Before running anything, or even importing site.py, the interpreter sets sys.path to the following (on my Mac):

[$PYTHONPATH[0]]
[...]
{sys.prefix}/lib/python27.zip
{sys.prefix}/lib/python2.7/
{sys.prefix}/lib/python2.7/plat-darwin
{sys.prefix}/lib/python2.7/plat-mac
{sys.prefix}/lib/python2.7/plat-mac/lib-scriptpackages
{sys.prefix}/lib/python2.7/lib-tk
{sys.prefix}/lib/python2.7/lib-old
{sys.exec_prefix}/lib/python2.7/lib-dynload

site.py

Then it imports site, Which calls site.addsitedir on the site-packages directory above.

Any lines which are found in a *.pth file are appended to sys.path, while those that start with import are exec-ed.

Our sys.path now looks like:

$PYTHONPATH
sys.prefix-ed stdlib
sys.exec_prefix-ed stdlib
site-packages
*.pth in site-packages

Finally, it imports sitecustomize, which you can hook to do whatever you want.

homebrew

Homebrew provides its own sitecustomize.py, which it uses to clean the site-packages within the python tree out of the sys.path, and add one within the homebrew prefix.

Lets say homebrew is installed at /brew. Python’s prefix is then /brew/opt/python. If you install packages into /brew/opt/python/lib/pythonX.Y/site-packages then will be destroyed when you perform a minor upgrade. Their sitecustomize.py strips all /brew/opt/ out of sys.path, and replaces it with /brew/lib/pythonX.Y/site-packages.

The only annoying part about this is that we lose our own sitecustomize hook.

pip

Pip installs packages into site-packages as “flat” (directly importable) packages (along with .egg-info directories) such that it does not need to use any ``.pth`` files.

So, our sys.path looks like:

$PYTHONPATH
sys.prefix-ed stdlib
sys.exec_prefix-ed stdlib
site-packages (including pip-installed packages)
*.pth in site-packages

easy_install

easy_install creates an easy_install.pth, which is required because it chooses to install things as eggs.

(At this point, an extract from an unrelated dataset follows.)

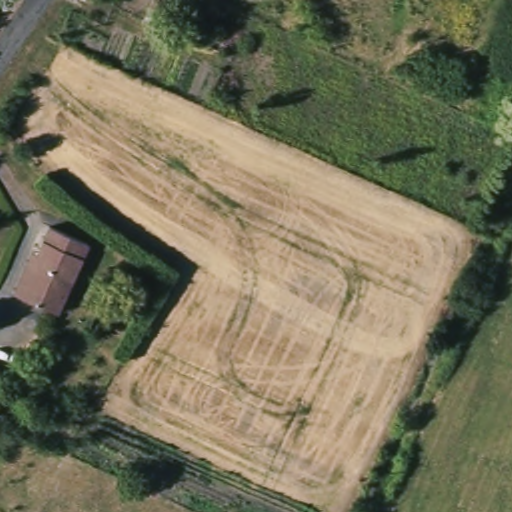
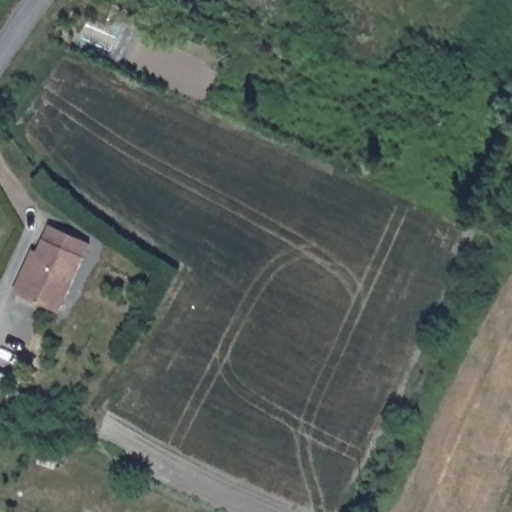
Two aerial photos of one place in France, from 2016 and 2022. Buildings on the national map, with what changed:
unchanged [(40,252),(55,226),(95,247),(59,311),(19,290),(14,287),(34,250),(40,252)]
unchanged [(0,395),(0,370),(10,375),(0,395)]

It also (ab)uses the *.pth import magic to capture everything which is appended to sys.path and insert it at the front:

import sys; sys.__plen = len(sys.path)
./Jinja2-2.7.2-py2.7.egg
./MarkupSafe-0.23-py2.7-macosx-10.8-x86_64.egg
./docutils-0.11-py2.7.egg
./Pygments-1.6-py2.7.egg
import sys; new=sys.path[sys.__plen:]; del sys.path[sys.__plen:]; p=getattr(sys,'__egginsert',0); sys.path[p:p]=new; sys.__egginsert = p+len(new)

This takes the new stuff, and inserts it at sys.__egginsert (or 0). If there are multiple *.pth files which use this scheme they seem like they will play nicely.

This places easy_install-ed packages before the $PYTHONPATH, so now it looks like:

easy_install-ed packages, via easy_install.pth in site-packages
$PYTHONPATH
sys.prefix-ed stdlib
sys.exec_prefix-ed stdlib
site-packages (including pip-installed packages)
*.pth in site-packages

It also creates it’s own site.py for whatever reason. It seems to do more reordering of the sys.path, but I can’t immediately divine what it is.